Using TLS to protect application traffic helps satisfy which of the OWASP best practices?
A. Parameterize queries
B. Encode data
C. Validate all inputs
D. Protect data
Answer:
D. TLS satisfies the “protect data” best practice by ensuring that network traffic is secure. Parameterizing queries uses prebuilt SQL, while encoding data removes control characters that could be used for cross-site scripting attacks and other exploits. Validating all inputs requires treating all user input as untrusted.
Kristen wants to implement a code review but has a distributed team that works at various times during the day. She also does not want to create any additional support load for her team with new development environment applications. What type of review process will work best for her needs?
A. Pair programming
B. Pass-around
C. Over-the-shoulder
D. Tool-assisted
Answer:
B. Pass-around reviews normally rely on email to move code between developers. In Kristen’s case, a pass-around review will exactly meet her needs. Pair programming and over-the-shoulder review both require developers to work together, whereas tool-assisted reviews require implementation of a tool to specifically support the review.
What type of attack is typically associated with the strcpy function?
A. Pointer dereferencing
B. A race condition
C. SQL injection
D. Buffer overflow
Answer:
D. strcpy does not include size information for the data it accepts, making it a popular target for buffer overflow attacks.
Kathleen wants to build a public API for a modern service-oriented architecture. What model is likely her best choice?
A. REST
B. SOAP
C. SAML
D. RAD
Answer:
A. RESTful designs are the most common and popular for modern web services because of their flexibility. SOAP remains in use, but is not broadly used for public APIs. SAML is a security assertion markup language and would be useful for making security assertions, not for building a general use SOA. RAD is an application development model.
During a web application test, Ben discovers that the application shows SQL code as part of an error provided to application users. What should he note in his report?

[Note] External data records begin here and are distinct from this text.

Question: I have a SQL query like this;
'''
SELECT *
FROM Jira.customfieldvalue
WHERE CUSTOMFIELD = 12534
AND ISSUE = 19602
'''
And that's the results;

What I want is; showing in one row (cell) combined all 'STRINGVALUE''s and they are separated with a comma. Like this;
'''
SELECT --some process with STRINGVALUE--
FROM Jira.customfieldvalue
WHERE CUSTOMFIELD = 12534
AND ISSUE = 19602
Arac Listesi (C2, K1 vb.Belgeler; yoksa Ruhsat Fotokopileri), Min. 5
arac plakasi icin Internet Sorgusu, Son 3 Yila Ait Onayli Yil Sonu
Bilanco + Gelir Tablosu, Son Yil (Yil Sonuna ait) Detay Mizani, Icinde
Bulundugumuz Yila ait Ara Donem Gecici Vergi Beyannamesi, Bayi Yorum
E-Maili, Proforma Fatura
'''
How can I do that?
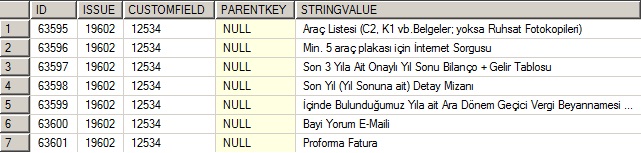
Answer: There are several methods.
If you want just the consolidated string value returned, this is a good quick and easy approach
'''
DECLARE @combinedString VARCHAR(MAX)
SELECT @combinedString = COALESCE(@combinedString + ', ', '') + stringvalue
FROM jira.customfieldValue
WHERE customfield = 12534
AND ISSUE = 19602
SELECT @combinedString as StringValue
'''
Which will return your combined string.
You can also try one of the XML methods e.g.
'''
SELECT DISTINCT Issue, Customfield, StringValues
FROM Jira.customfieldvalue v1
CROSS APPLY ( SELECT StringValues + ','
FROM jira.customfieldvalue v2
WHERE v2.Customfield = v1.Customfield
AND v2.Issue = v1.issue
ORDER BY ID
FOR XML PATH('') ) D ( StringValues )
WHERE customfield = 12534
AND ISSUE = 19602
'''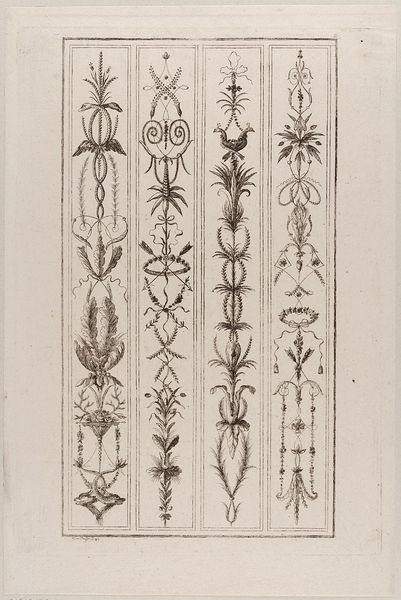
Titel: Blatt 2 aus einer Folge von Pilasterfüllungen
Künstler: Domenicus Fietta
Standort: Hamburg
Institution: Museum für Kunst und Gewerbe Hamburg
Schlagwörter: blätter, vogel, weiß, blumen, schwarz, zeichnung, ornament, pflanzen, papier, grafik, graphik, spalten, ornamente, fotografie, photographie, buch, druck, druckgraphik, druckgrafik, stich, seite, girlanden, schlangen, zierde, musterbuch, kupferstich, kandelaber, fische, groteske, reproduktionen, blumengewinde, druckerzeugnisse, pflanzenornamente, vögel, tierornamente, ornamentstich, vorlageblätter, füllung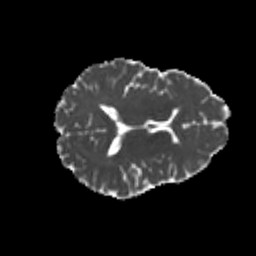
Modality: MD
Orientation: axial
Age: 22
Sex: female
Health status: healthy
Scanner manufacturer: philips
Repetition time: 7.39 s
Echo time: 0.08599 s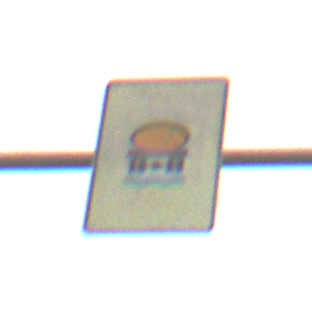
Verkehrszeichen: FahrzeugeMitWassergefaehrdenderLadungOhnePfeilsymbol
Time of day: Midday
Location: Outdoor (Suburban)
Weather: Overcast
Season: NotSpecified
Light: Natural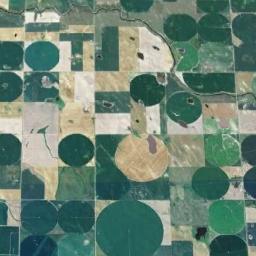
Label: circular_farmland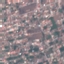
Land use / land cover class: Residential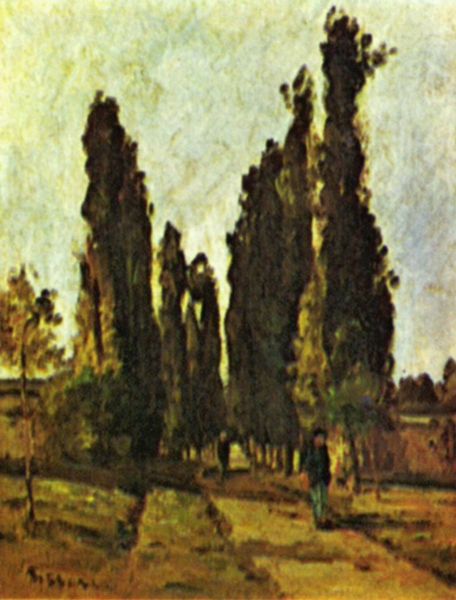
Titel: Der Weg
Künstler: Camille Pissarro
Standort: New York (New York)
Institution: Collection G. Pollock
Schlagwörter: baum, blau, blätter, dunkel, gemälde, himmel, laub, mann, schatten, wasser, weiß, wolken, aquarell, bäume, cezanne, fluss, gelb, grün, impressionismus, landschaft, ocker, see, bewegung, braun, frankreich, hell, hintergrund, hut, licht, strasse, türkis, zeichnung, gras, park, weg, wiese, wolke, beige, expressionismus, malerei, hose, jacke, wand, mensch, signatur, öl, birke, dämmerung, erde, feld, felder, gräser, horizont, natur, pappeln, pfad, sonne, wege, gold, mantel, blatt, pflanzen, wald, zypressen, schrift, sommer, ruhe, perspektive, pointilismus, acker, feldweg, furchen, spuren, abstrakt, mauer, allee, herbst, signiert, spazieren, van gogh, jeans, monet, manet, stimmung, allein, warten, abendrot, provence, spaziergang, stich, laubbaum, brauntöne, laubbäume, grünlich, ahorn, spaziergänger, herbstlich, fußweg, menchen, bum, fuhrt, alee, horizont#, heans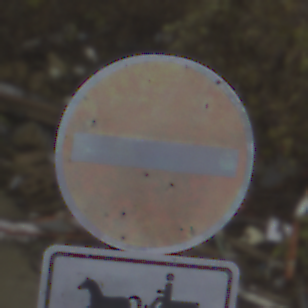
Verkehrszeichen: VerbotDerEinfahrt
Zusatzzeichen unten: MehrspurigeFahrzeugeFrei9
Umgebung: Outdoor, Urban
Tageszeit: MorningAfternoon
Wetter: PartlyCloudy
Licht: Natural
Jahreszeit: NotSpecified
Kontrast: LowContrast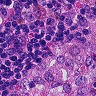
Metastatic tissue present: no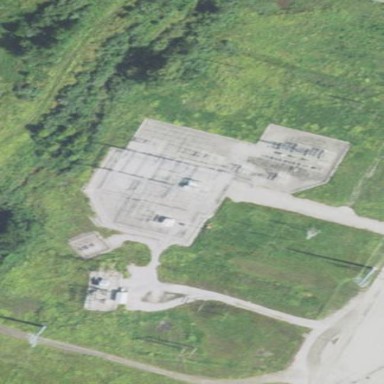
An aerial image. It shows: Power substation.
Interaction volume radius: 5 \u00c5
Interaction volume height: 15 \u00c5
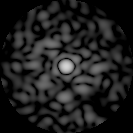
Disorder parameter: 0.8069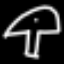
Label: mushroom

A. Improper error handling
B. Code exposure
C. SQL injection
D. A default configuration issue
Answer:
A. Improper error handling often exposes data to users and possibly attackers that should not be exposed. In this case, knowing what SQL code is used inside the application can provide an attacker with details they can use to conduct further attacks. Code exposure is not one of the vulnerabilities we discuss in this book, and SQL code being exposed does not necessarily mean that SQL injection is possible. Although this could be caused by a default configuration issue, there is nothing in the question to point to that problem.